▶ [Task instructions] Could you output only the lines from the one containing "cover by kind: herbaceous" through the last line of the data, both included?
Segment Start: Information supplied
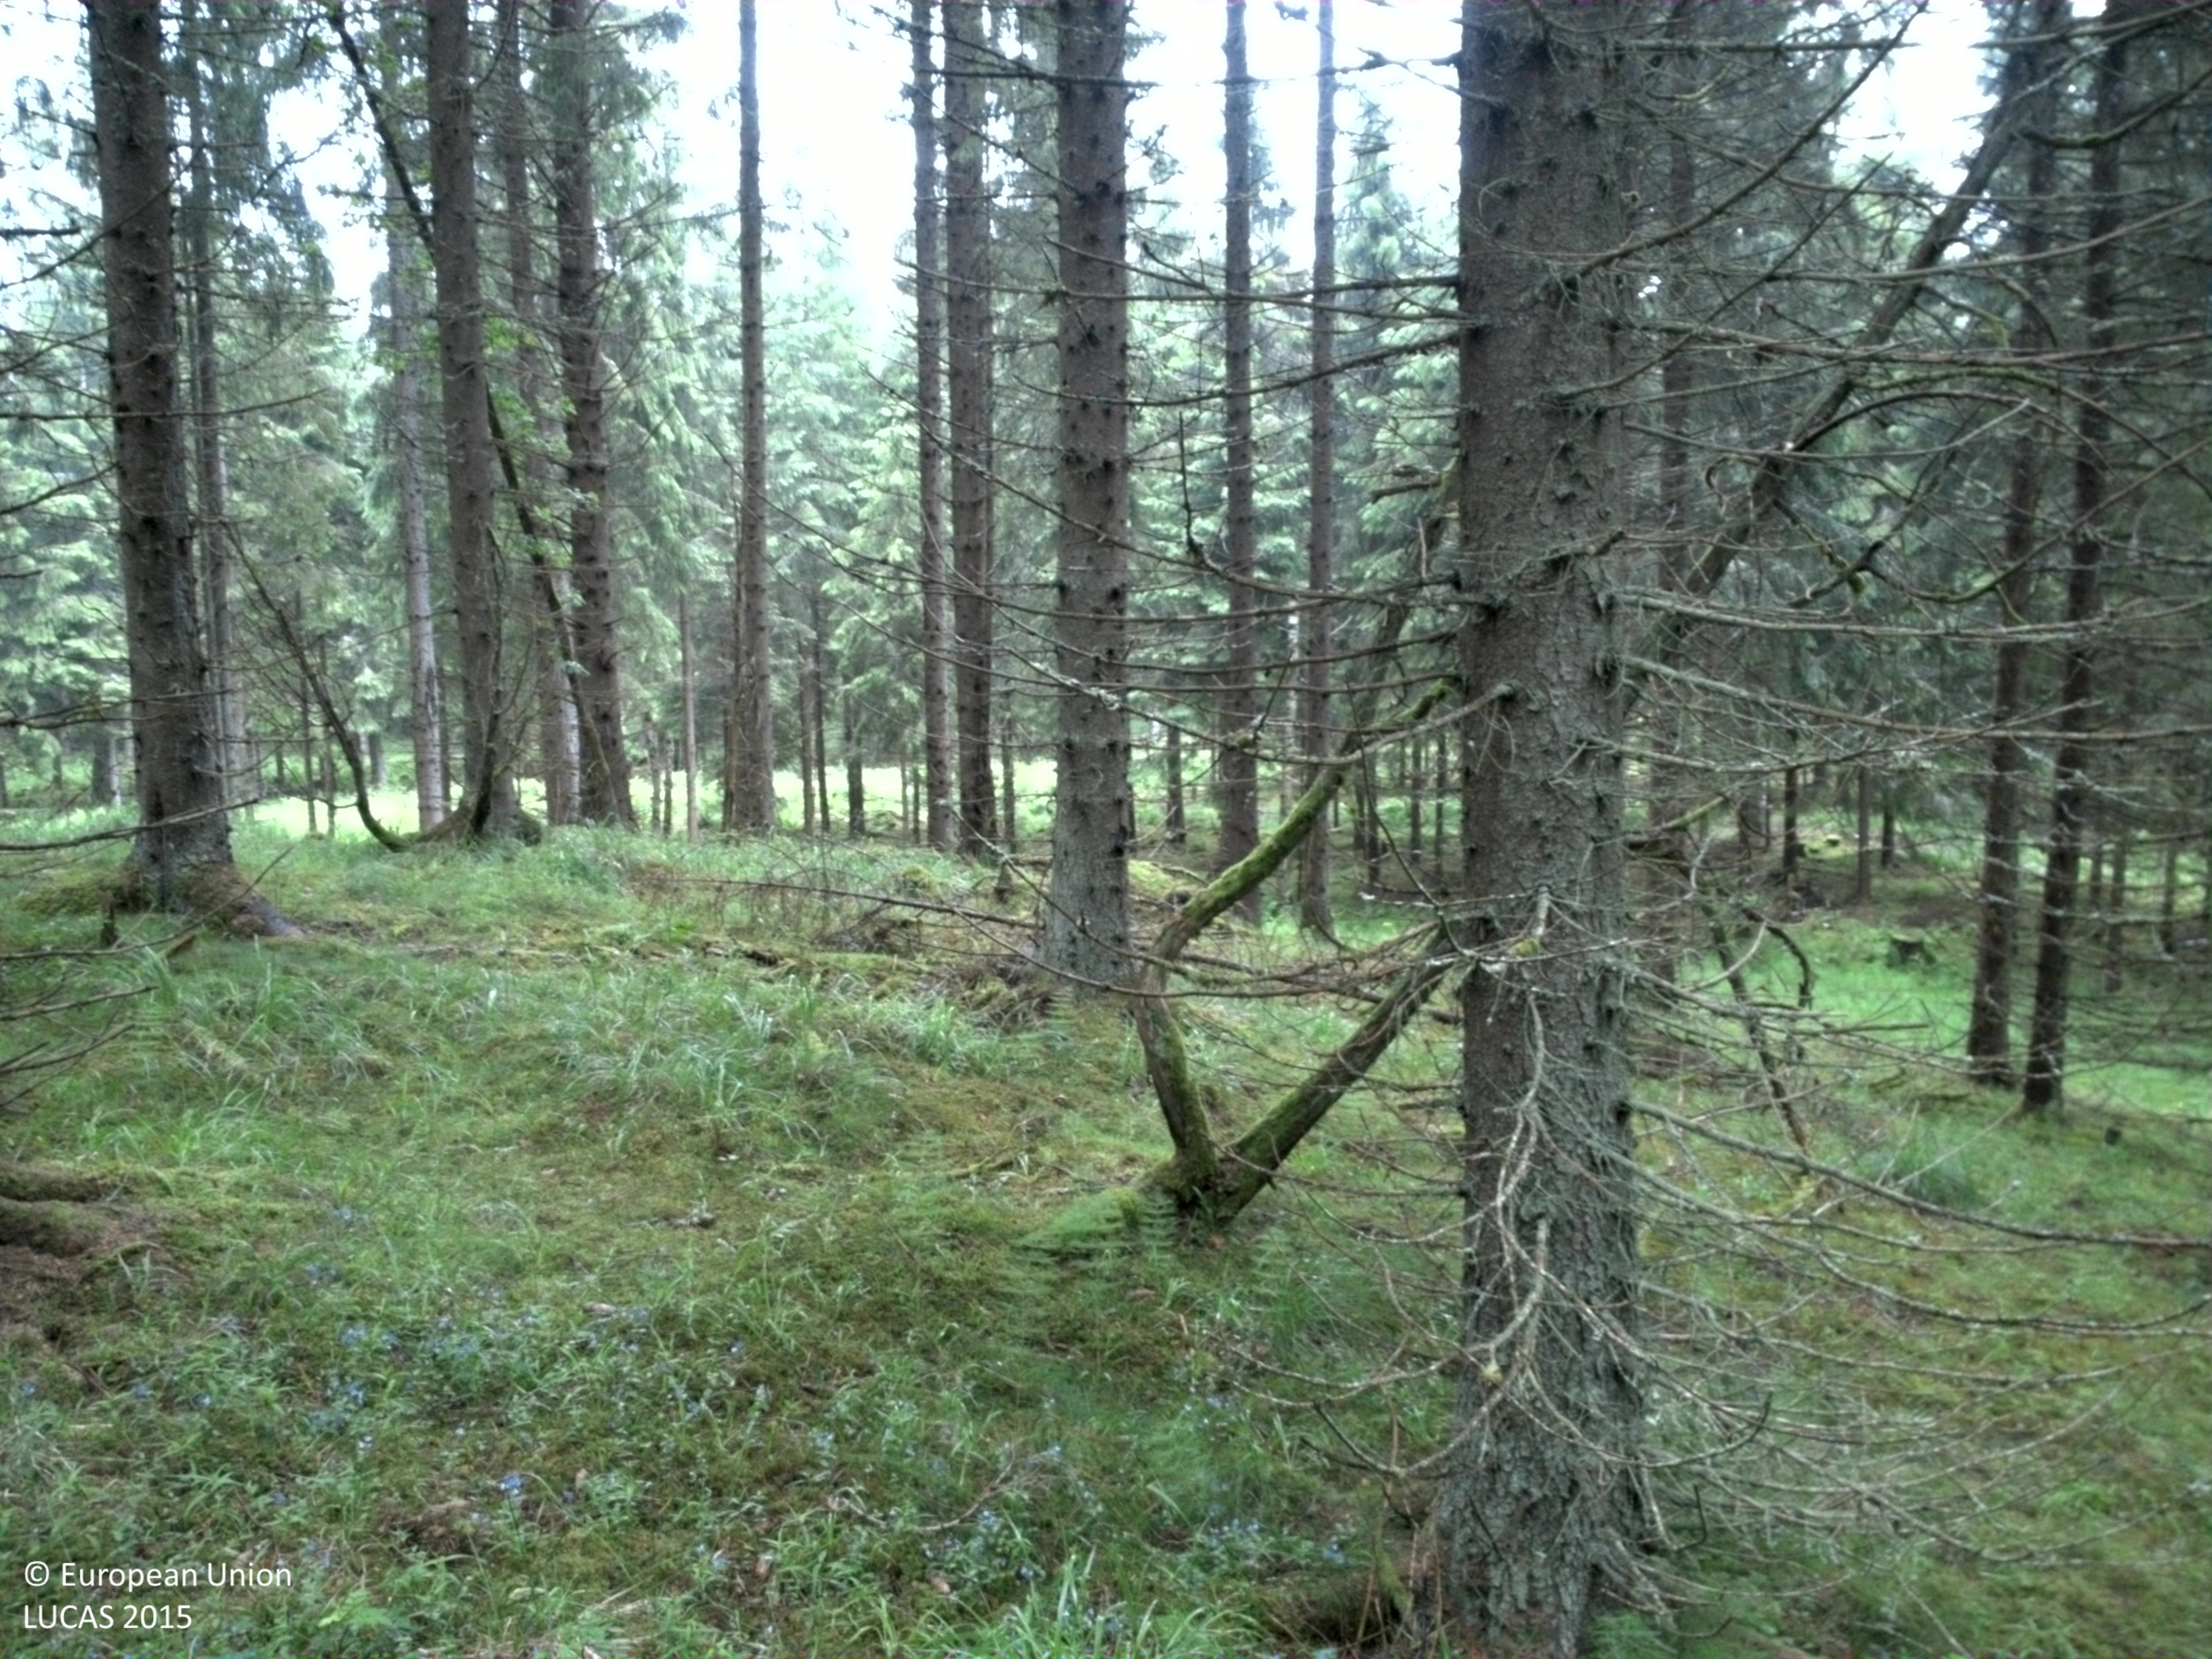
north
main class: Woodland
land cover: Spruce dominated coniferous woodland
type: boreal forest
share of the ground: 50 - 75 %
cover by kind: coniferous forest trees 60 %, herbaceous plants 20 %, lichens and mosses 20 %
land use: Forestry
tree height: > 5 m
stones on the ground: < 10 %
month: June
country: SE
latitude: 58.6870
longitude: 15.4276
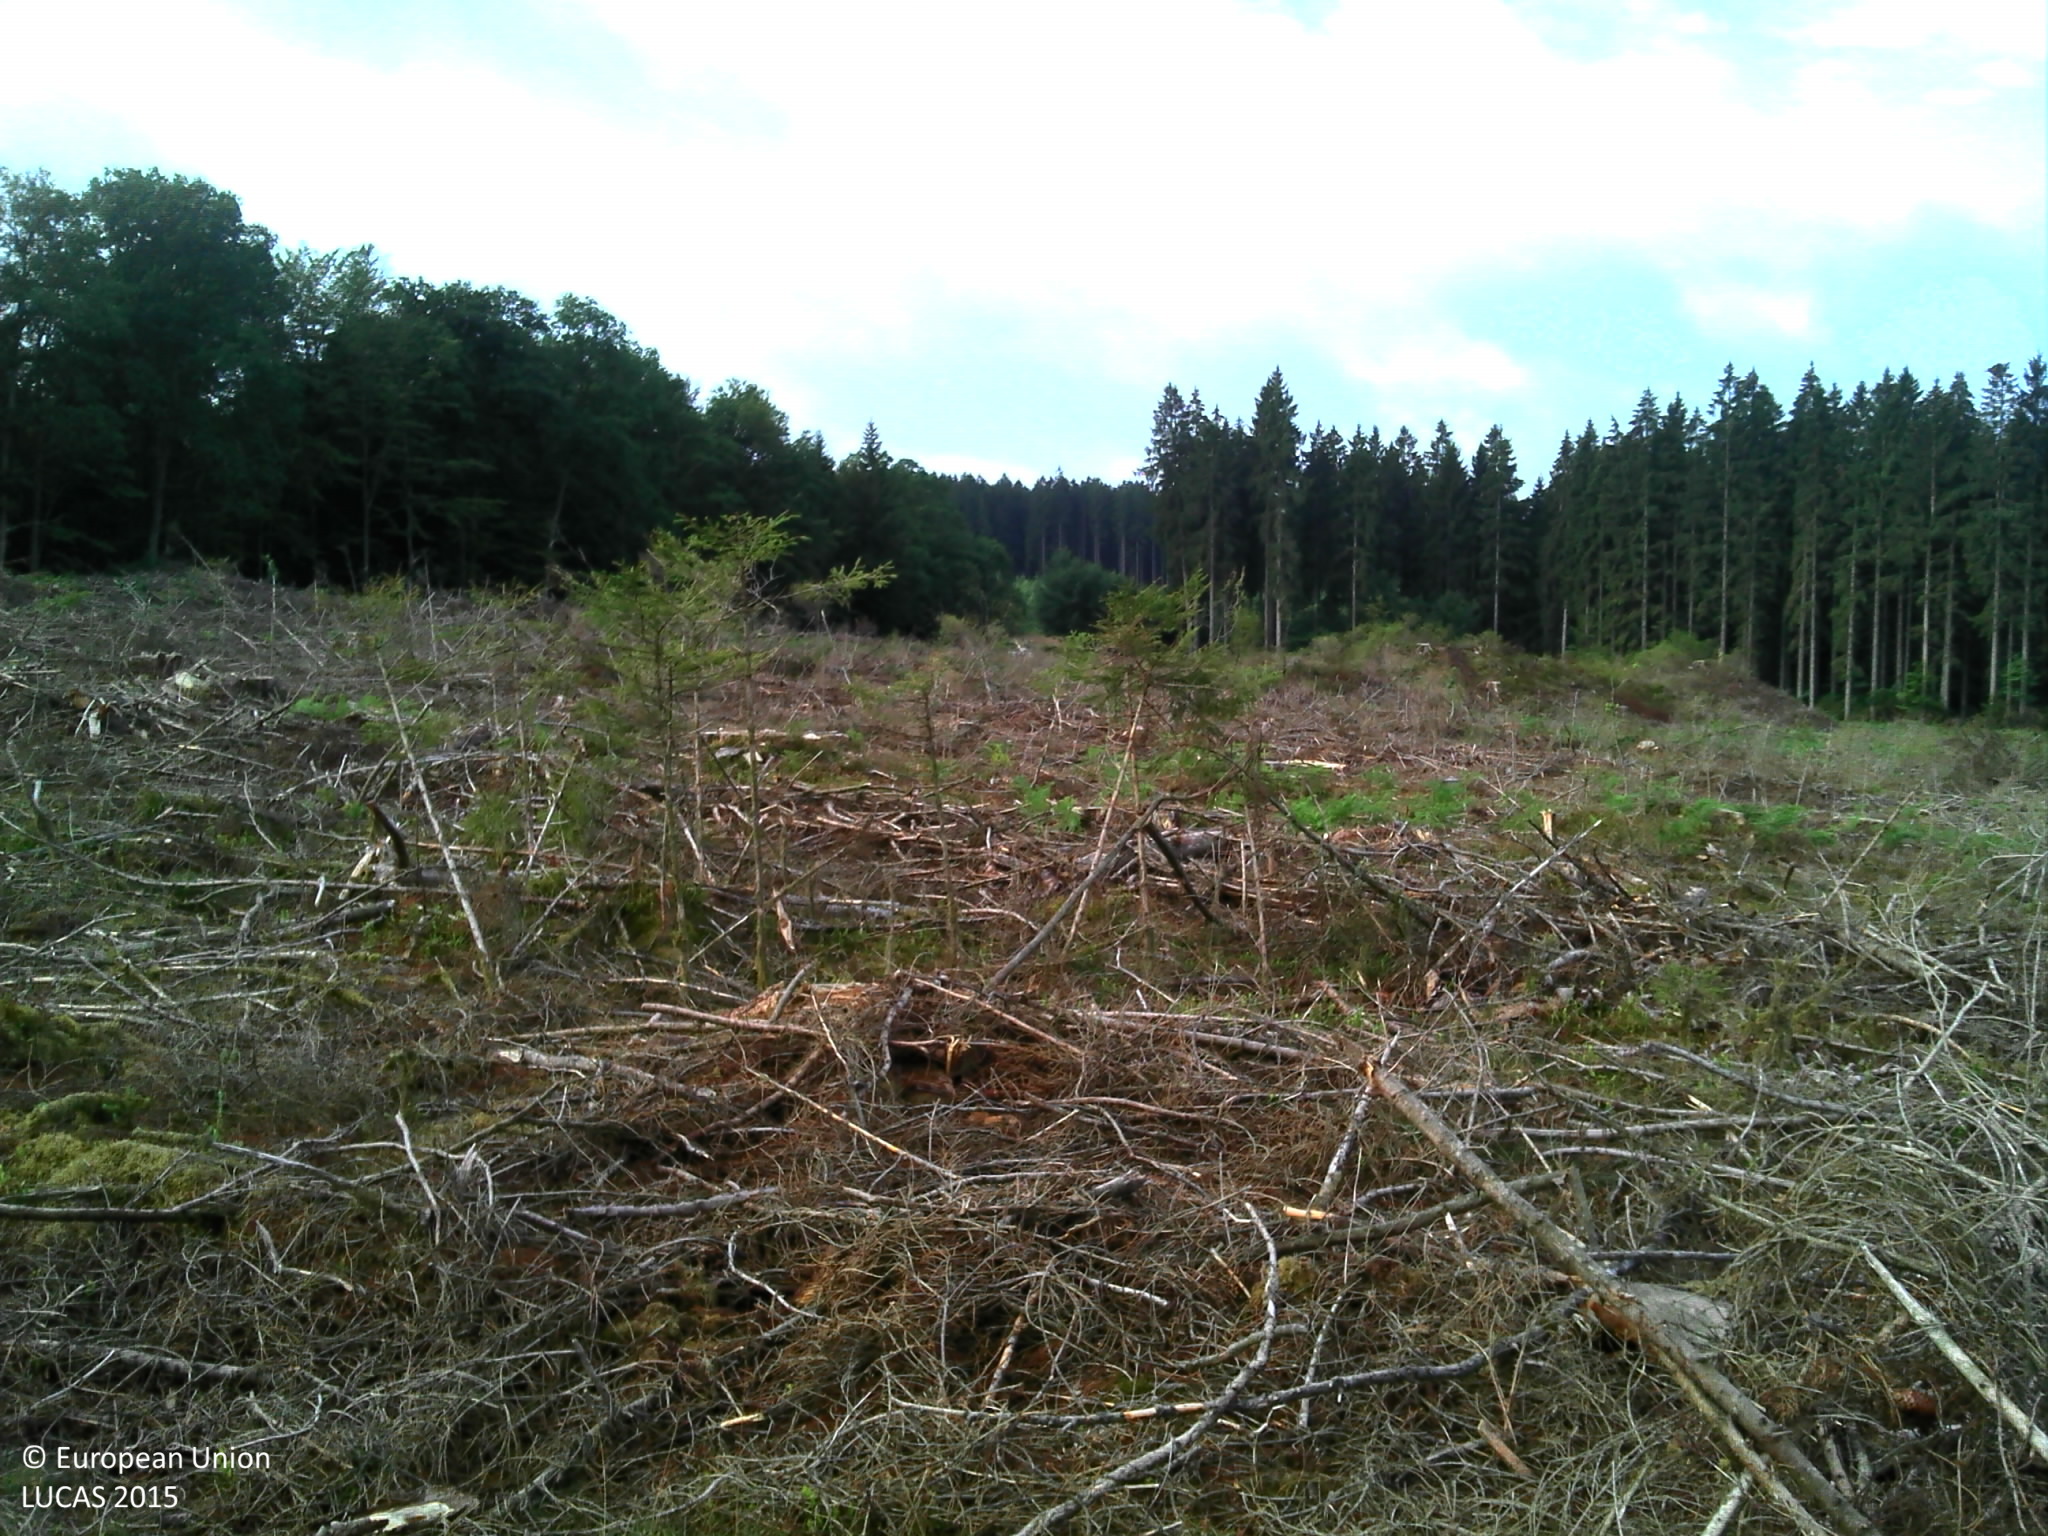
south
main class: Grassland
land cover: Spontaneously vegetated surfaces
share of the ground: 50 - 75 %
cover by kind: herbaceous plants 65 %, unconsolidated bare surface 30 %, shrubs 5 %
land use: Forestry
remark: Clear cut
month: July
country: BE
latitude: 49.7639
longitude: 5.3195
Segment End: Information supplied
▶ [Answer to the exercise]
cover by kind: herbaceous plants 65 %, unconsolidated bare surface 30 %, shrubs 5 %
land use: Forestry
remark: Clear cut
month: July
country: BE
latitude: 49.7639
longitude: 5.3195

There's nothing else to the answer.